What the heck is going on? Well, it turns out that on websites like www.premierleague.com/home, there is a Spotify play widget:
When you press play, it connects to the Spotify app on your computer (if you have it running), and the app shows the same data as the website, and keeps playing the playlist when you move away form the homepage. It’s pretty cool, and the way that these 2 services connect is through a local service run by the Spotify app that the browser connects too. Of course, the computers powering WebPageTest do not have Spotify running on them – but wouldn’t you expect this widget to fail gracefully for those users?
It turns out, the service does degrade gracefully on a regular computer. In playing with WebPageTest, the widget DOES fail gracefully when testing on Chrome in Dulles, but the error arises when we test on Chrome in EC2, so it likely has something to do with the configuration of the servers on Amazon. Since the HTTPArchive runs its tests in the cloud, we see these errors there, and it appeared in my data query.

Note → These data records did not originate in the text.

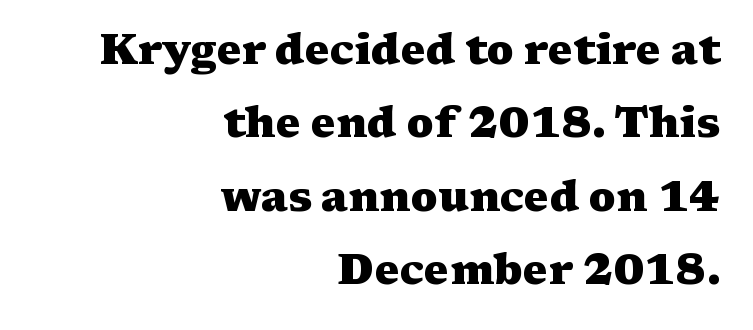
Q: Is the text bold? A: Yes.
Q: Is the text italic (slanted)? A: No, it is upright.
Q: Is the typeface a serif or a sans-serif typeface? A: Serif.
Q: Is the text underlined? A: No.
Q: How is the paragraph aligned? A: Right-aligned.
Q: Is the spacing between letters normal or unusually wide? A: Normal.
Q: Width (condensed, normal, or wide)? A: Wide.
Q: Stroke contrast? A: Medium.
Q: x-height? A: Medium.
Q: Monospaced? A: No.
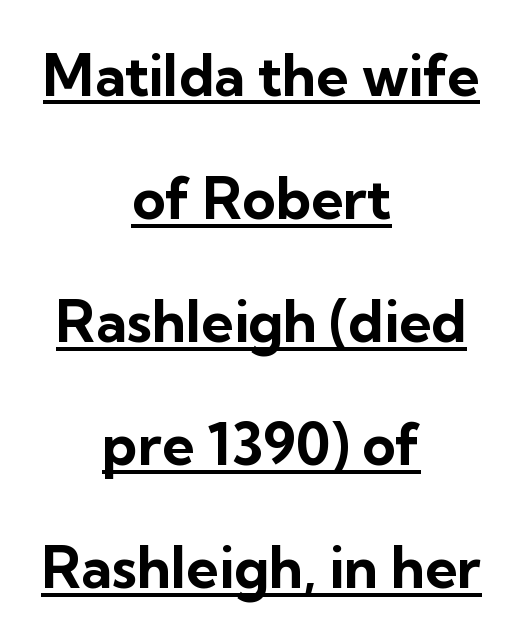
These lines stand farther apart than default settings would place them. Varying glyph widths throughout — classic text-font behaviour. The lettering is marked with a stroke running underneath it. The rendering shows plain stroke endings on the letterforms — a sans-serif design. This sample is center-justified, so both line endings float freely.
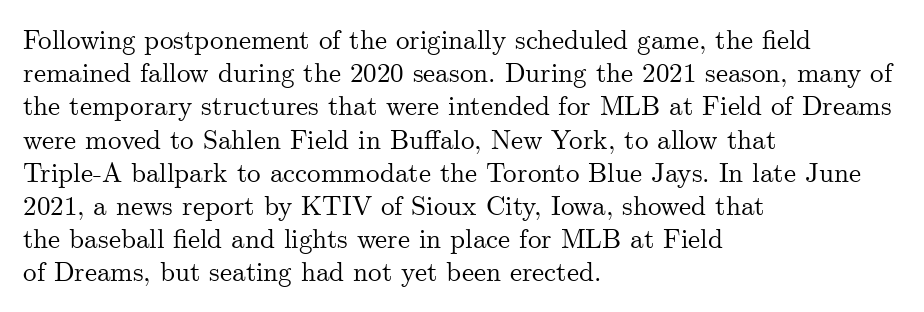
Q: Is the text italic (slanted)? A: No, it is upright.
Q: Is the text underlined? A: No.
Q: How is the paragraph aligned? A: Left-aligned.
Q: Is the spacing between letters normal or unusually wide? A: Normal.
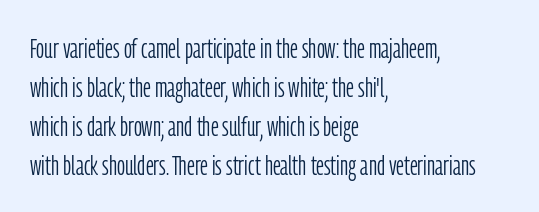
The image shows 28 px light, condensed sans-serif type, upright; set left-aligned, normal line spacing (1.39x), normal letter spacing, not underlined; low stroke contrast and a medium x-height.
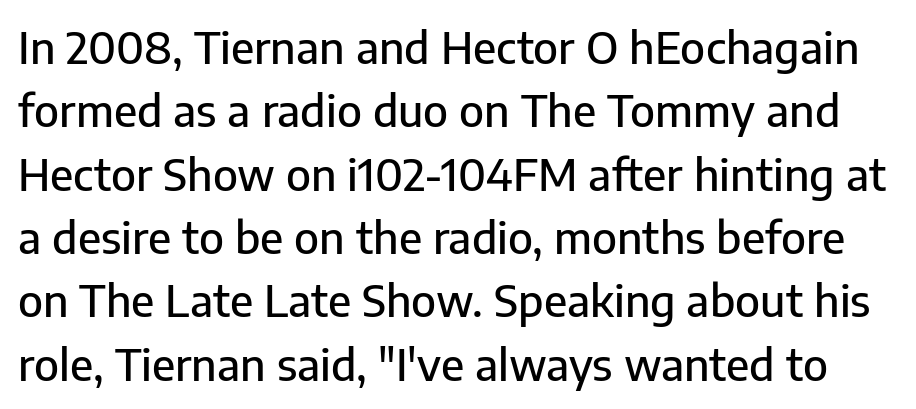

OK, The Answer: How Many Requests to 127.0.0.1?
Ok, including the connections to Spotify, we see 4,934 connections directed to http(s)://127.0.0.1. Now, there are 2,619 connections to the Spotify link (it retries many different ports if it fails – adding to the request count), leaving 2,315 connections to localhost.
So, the middle answer in my poll was right BOTH with and without Spotify. <whew!> Imagine if I had messed up a Twitter poll!
Breaking down these to HTTP:HTTPS ratio.
The Localhost calls to Spotify are 2559:60 – 97% HTTP.
The calls not pointing to the local Spotify server are almost exactly the opposite:
234 HTTP:2081 HTTPS. So, developers who point to localhost are doing it securely, using HTTPS connections 90% of the time.